“What do you need?”


Elizabeth Frank | June 19, 2017

CWS Emergency Response Specialist Sandra Kennedy-Owes presents at the NVOAD conference. Photo: Elizabeth Frank / CWS

I recently attended my first National Voluntary Organizations Active in Disaster – or VOAD – annual conference in Houston, Texas. My colleague, Emergency Response Specialist Sandra Kennedy-Owes, participated in a great panel discussion on “Caring for the Hidden Community.” She spoke about CWS’s pilot program working with immigrant and refugee communities. The session had a great response, with around 70 people attending, and it was very well received.

At the end of the session, one of the panelists related to the audience that she came to the United States as a young child as a refugee with her family. She said it was difficult for her father to answer a question posed by those working with the family: “What do you need?” Culturally, he found it very hard to admit he needed anything or that he could not provide everything his family needed.
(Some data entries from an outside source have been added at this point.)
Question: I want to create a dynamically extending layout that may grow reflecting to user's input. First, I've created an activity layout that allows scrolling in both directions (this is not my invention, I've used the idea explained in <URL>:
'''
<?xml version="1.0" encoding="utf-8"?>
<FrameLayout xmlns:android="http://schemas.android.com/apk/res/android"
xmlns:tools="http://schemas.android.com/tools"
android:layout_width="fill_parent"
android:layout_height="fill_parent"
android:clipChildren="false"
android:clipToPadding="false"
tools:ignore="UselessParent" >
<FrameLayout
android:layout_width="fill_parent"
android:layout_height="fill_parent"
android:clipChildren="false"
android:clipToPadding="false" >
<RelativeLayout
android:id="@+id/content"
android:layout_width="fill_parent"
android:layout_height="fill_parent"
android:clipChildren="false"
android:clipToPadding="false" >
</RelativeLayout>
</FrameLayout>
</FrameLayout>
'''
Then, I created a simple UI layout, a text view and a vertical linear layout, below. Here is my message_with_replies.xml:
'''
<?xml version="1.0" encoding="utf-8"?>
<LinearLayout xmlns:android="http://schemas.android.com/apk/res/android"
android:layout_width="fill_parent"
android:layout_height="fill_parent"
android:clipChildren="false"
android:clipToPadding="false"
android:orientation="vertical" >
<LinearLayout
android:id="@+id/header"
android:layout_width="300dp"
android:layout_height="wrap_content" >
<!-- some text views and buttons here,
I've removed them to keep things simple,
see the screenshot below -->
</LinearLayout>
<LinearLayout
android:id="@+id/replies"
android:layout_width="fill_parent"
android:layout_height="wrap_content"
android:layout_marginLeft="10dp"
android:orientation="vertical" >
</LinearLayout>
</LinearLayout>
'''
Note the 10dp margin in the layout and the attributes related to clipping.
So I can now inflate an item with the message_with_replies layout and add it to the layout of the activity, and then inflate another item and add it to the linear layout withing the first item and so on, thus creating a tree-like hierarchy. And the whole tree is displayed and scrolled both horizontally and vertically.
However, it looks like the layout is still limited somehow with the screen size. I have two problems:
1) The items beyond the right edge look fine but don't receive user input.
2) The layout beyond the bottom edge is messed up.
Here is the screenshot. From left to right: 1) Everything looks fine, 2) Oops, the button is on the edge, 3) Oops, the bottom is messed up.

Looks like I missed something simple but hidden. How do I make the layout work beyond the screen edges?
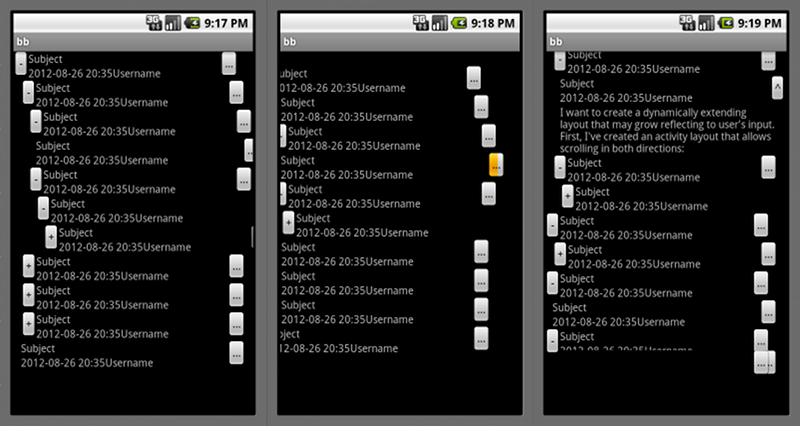
Answer: The solution is surprisingly simple.
In the activity layout, a RelativeLayout node (the one with ID) should use the custom layout class that overrides the onMeasure method.
So here is the fix for the activity layout:
'''
<com.sample.MyRelativeLayout
android:id="@+id/content"
android:layout_width="fill_parent"
android:layout_height="fill_parent"
android:clipChildren="false"
android:clipToPadding="false" >
</com.sample.MyRelativeLayout>
'''
and here is the class implementation:
'''
public class MyRelativeLayout extends RelativeLayout {
public MyRelativeLayout(Context context, AttributeSet attrs) {
super(context, attrs);
}
@Override
protected void onMeasure(int widthMeasureSpec, int heightMeasureSpec) {
super.onMeasure(0, 0);
}
}
'''
Note that I don't have to calculate anything, passing (0, 0) works just fine.
Frankly speaking, I don't yet understand all pros and cons of this solution, but it works properly. The only issue that I have noticed so far is that the more items I expand, the slower the UI responds.
I'll appreciate any comments or suggestions.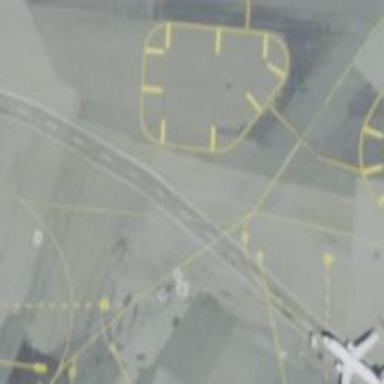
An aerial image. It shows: View of taxiway at the airport.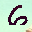
Label: 6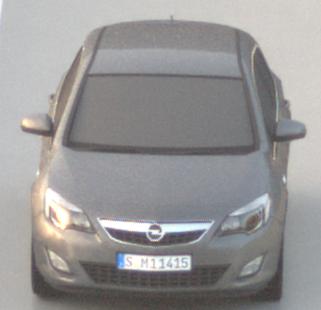
Make: Opel
Model: Astra 1.4 ecoFlex
Detailed model: Astra (J)
Model produced from: 2009/12
Model produced until: 2010/12
Doors: 5
Color: gray
Road condition: wet road
Daytime: sunrise or sunset
Contrast: low contrast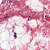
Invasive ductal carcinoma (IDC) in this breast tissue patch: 0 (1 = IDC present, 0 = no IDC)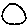
Label: circle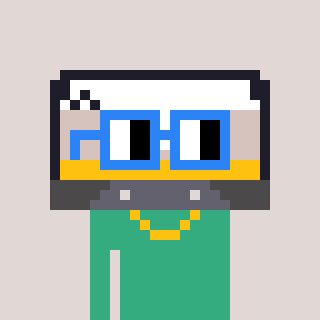
a pixel art character with square blue glasses, a cassette tape-shaped head and a teal-colored body on a warm background
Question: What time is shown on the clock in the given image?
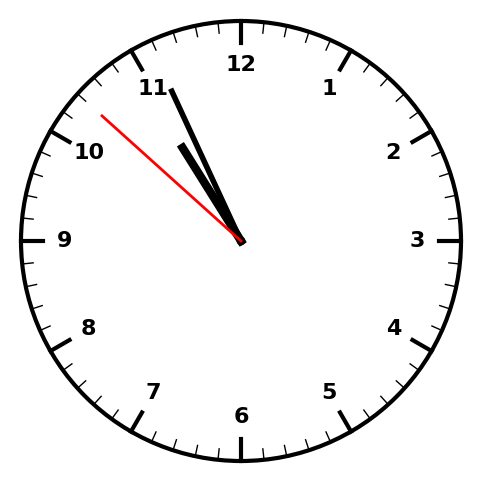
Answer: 10:55:52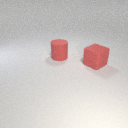
large red rubber cylinder behind large red rubber cube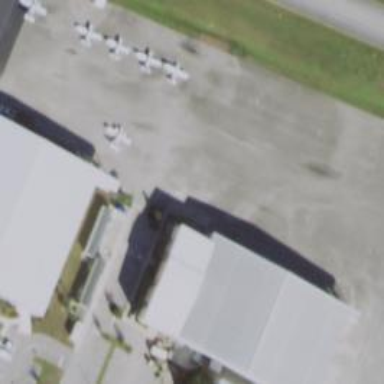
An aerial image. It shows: Hangar building at airport.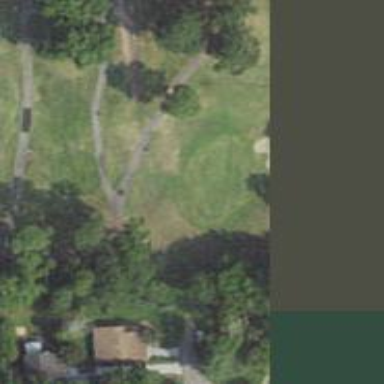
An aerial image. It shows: View of golf hole.
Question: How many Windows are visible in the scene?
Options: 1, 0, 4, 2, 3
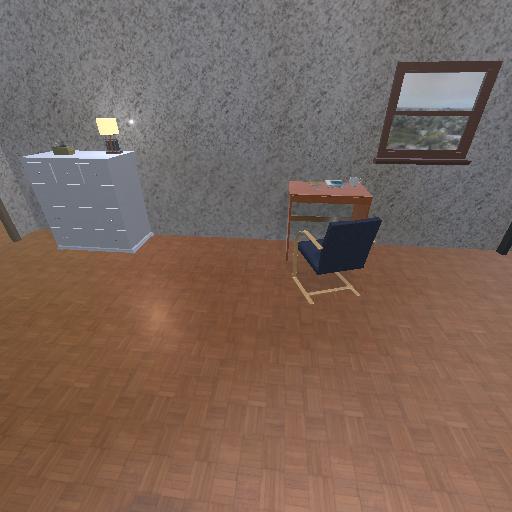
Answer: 1

Like that family and many others, our Domestic Disaster Program has been on a journey the last two years. We have been piloting a new approach to our work, focusing on immigrants and refugees, and particularly communities with vulnerable individuals and families. Like many of the journeys these individuals have taken over the years, the pilot has met challenges along the way. At times it’s  hard for us to know what we have needed to be successful. But also like many who have journeyed and had to start over, I am excited about the future and where the program is going.

The panel discussion reaffirmed to me that our approach is strong, and a key component to our program is building trust. We work through community leaders and community organizations that already have trust with community members. We then work to build community members’ trust – both for our program, but also for the disaster network more broadly. An audience member talked about whole community disaster response, which again resonated with our approach of incorporating marginalized communities into the broader disaster response.

I was also reminded that there are still many opportunities to continue building and strengthening our approach. I attended one session on using data to strengthen partnerships in preparedness and another that considered similarities and differences between U.S. and international disaster work. Both of these offer us avenues to further explore how we can better serve communities affected by disaster, including by working with CWS’s international program teams to exchange ideas and share program approaches.

Often a question that comes to mind for disaster work is, “What do people need?” In international development and humanitarian work, that question has shifted to focus more on “What rights are people not able to access?” By working together with communities through trusted members and leaders to better understand their communities, their strengths and their resilience, we can take the next step to ensure that all those affected by disaster are able to exercise their rights.

Elizabeth Frank is the Program Officer, Humanitarian and PME Programs, at CWS.